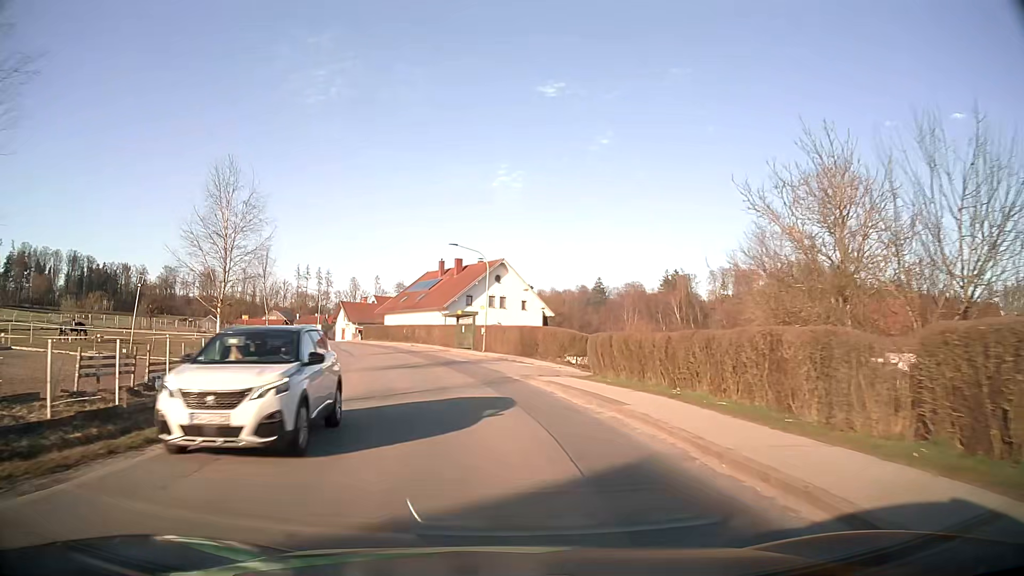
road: tertiary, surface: asphalt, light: Day
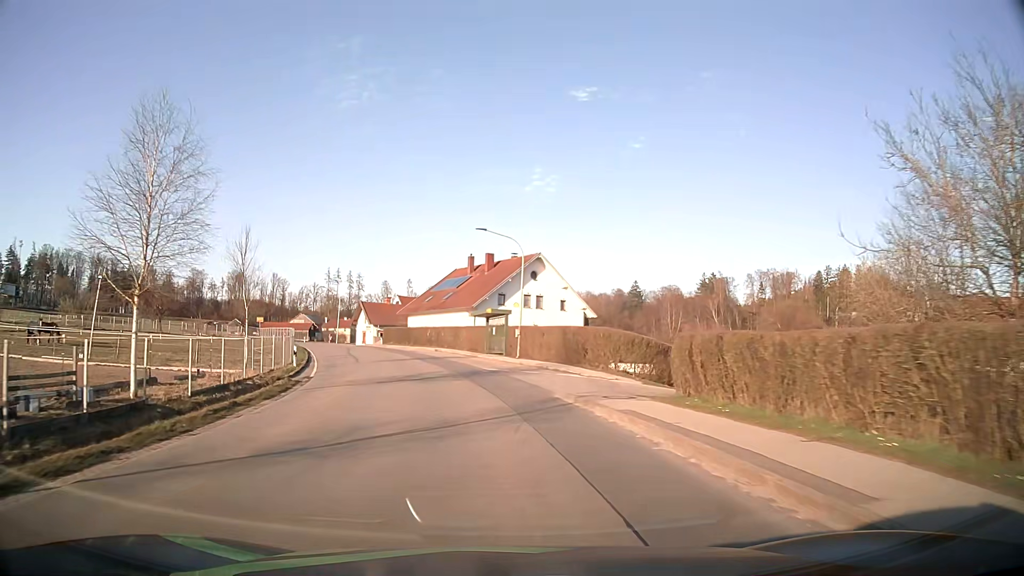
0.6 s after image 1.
(-0.2, +7.9) m; -3°
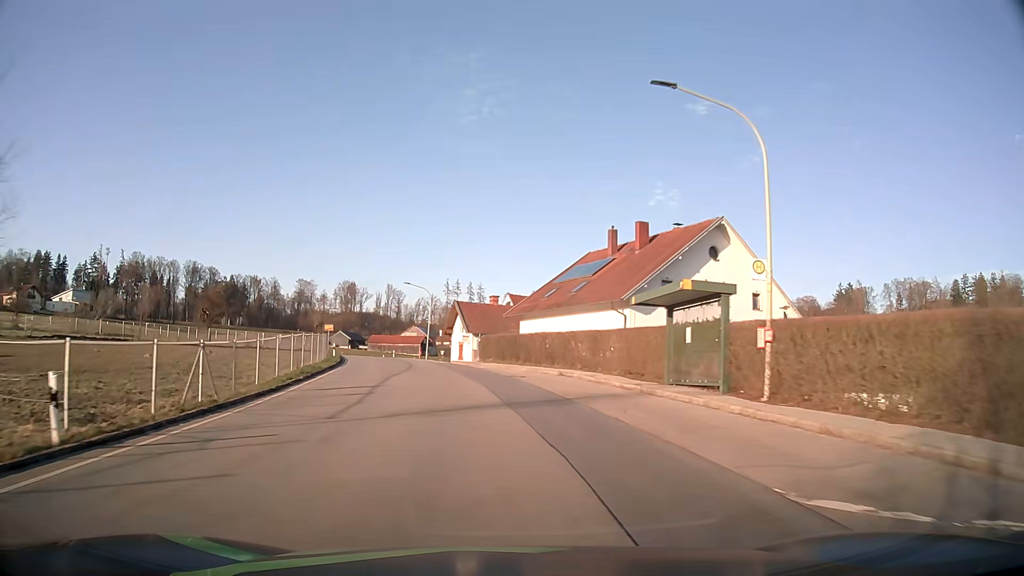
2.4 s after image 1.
(-2.1, +23.7) m; -11°
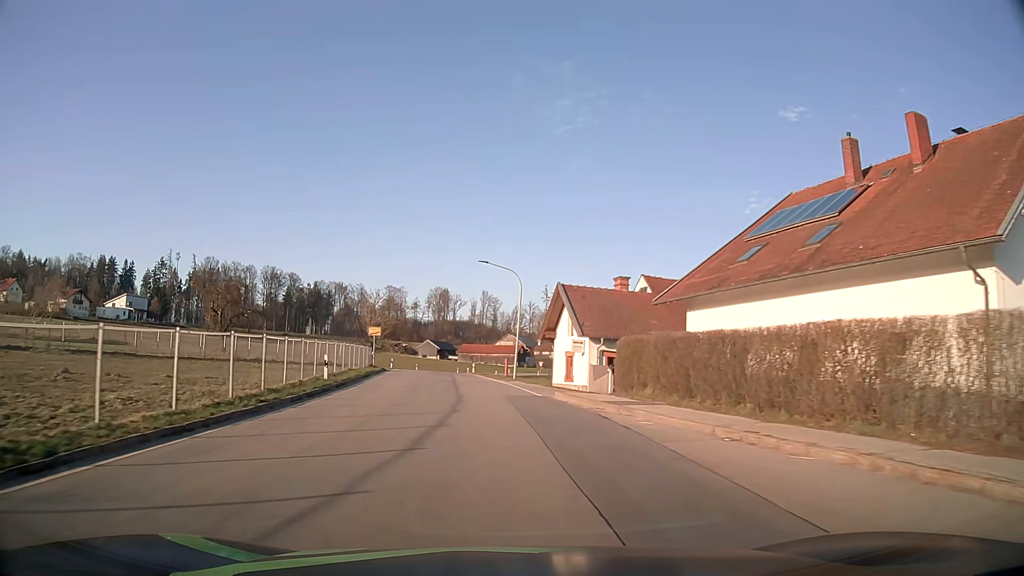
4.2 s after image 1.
(-1.8, +23.7) m; -8°
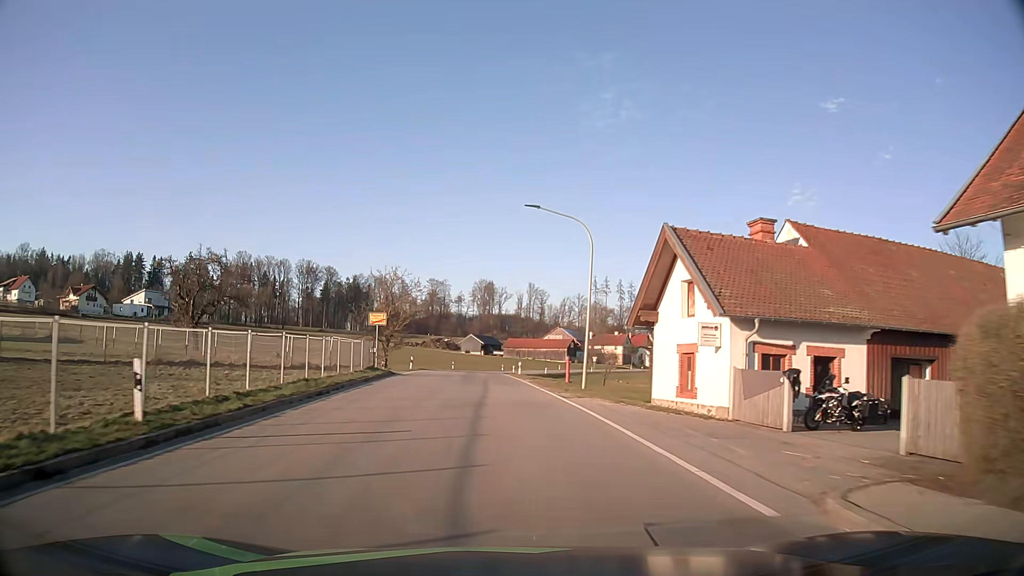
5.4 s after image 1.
(-0.6, +16.0) m; -4°
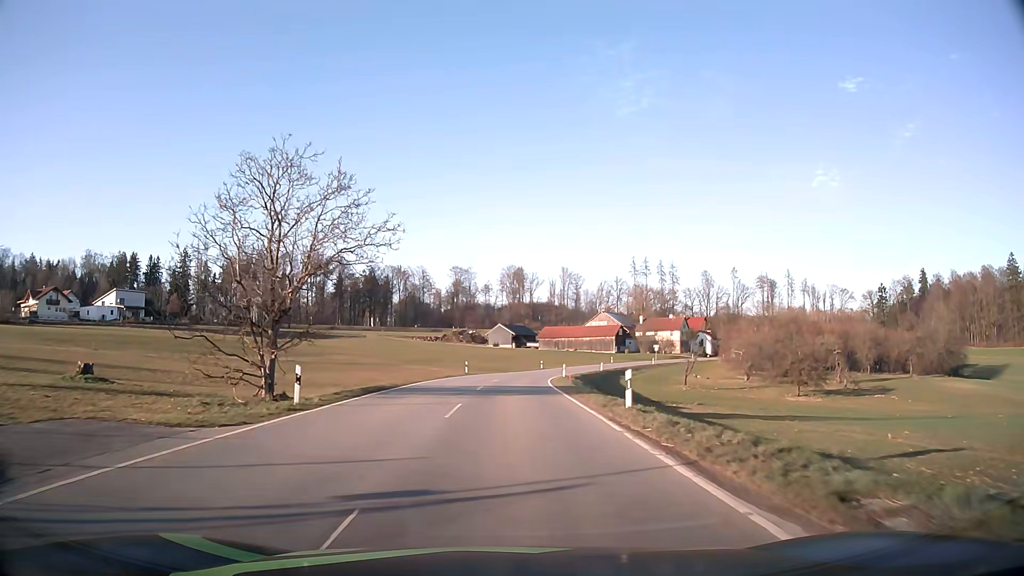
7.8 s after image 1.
(-0.9, +33.6) m; -2°
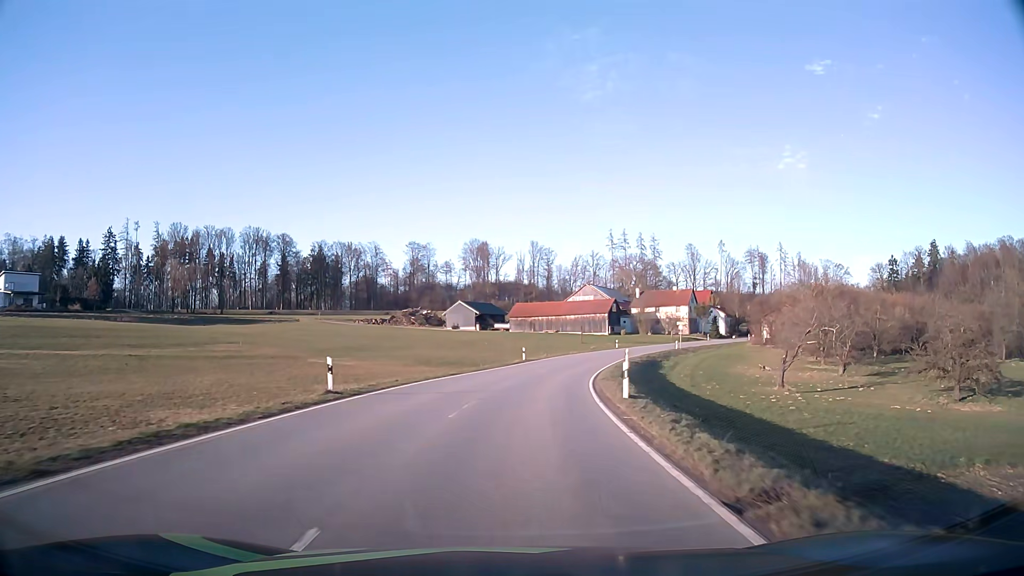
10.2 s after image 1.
(+0.6, +37.2) m; +3°
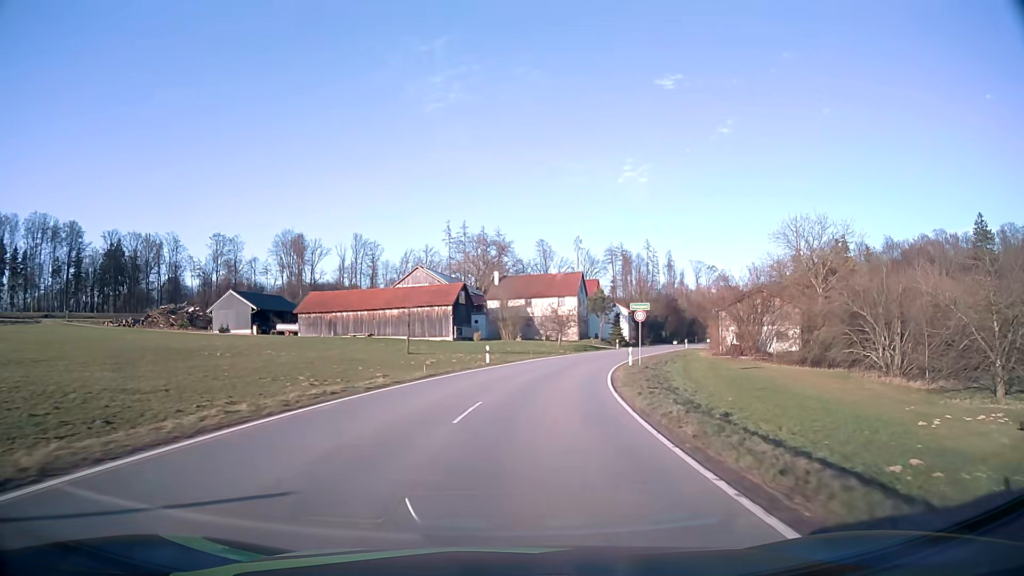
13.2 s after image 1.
(+5.6, +49.3) m; +14°
(0, +10) (+1, +20) (+3, +30) (+5, +40) (+8, +49) (+11, +59) (+14, +68) (+18, +77) (+23, +86) (+27, +95) m

---+---

#### Exercise:
Set out nothing but the lines from the line with "0.6 s after image 1." through the end of the material, reproduced exactly, both ends included, pictures omitted.

#### The completed task:
0.6 s after image 1.
(-0.2, +7.9) m; -3°
2.4 s after image 1.
(-2.1, +23.7) m; -11°
4.2 s after image 1.
(-1.8, +23.7) m; -8°
5.4 s after image 1.
(-0.6, +16.0) m; -4°
7.8 s after image 1.
(-0.9, +33.6) m; -2°
10.2 s after image 1.
(+0.6, +37.2) m; +3°
13.2 s after image 1.
(+5.6, +49.3) m; +14°
(0, +10) (+1, +20) (+3, +30) (+5, +40) (+8, +49) (+11, +59) (+14, +68) (+18, +77) (+23, +86) (+27, +95) m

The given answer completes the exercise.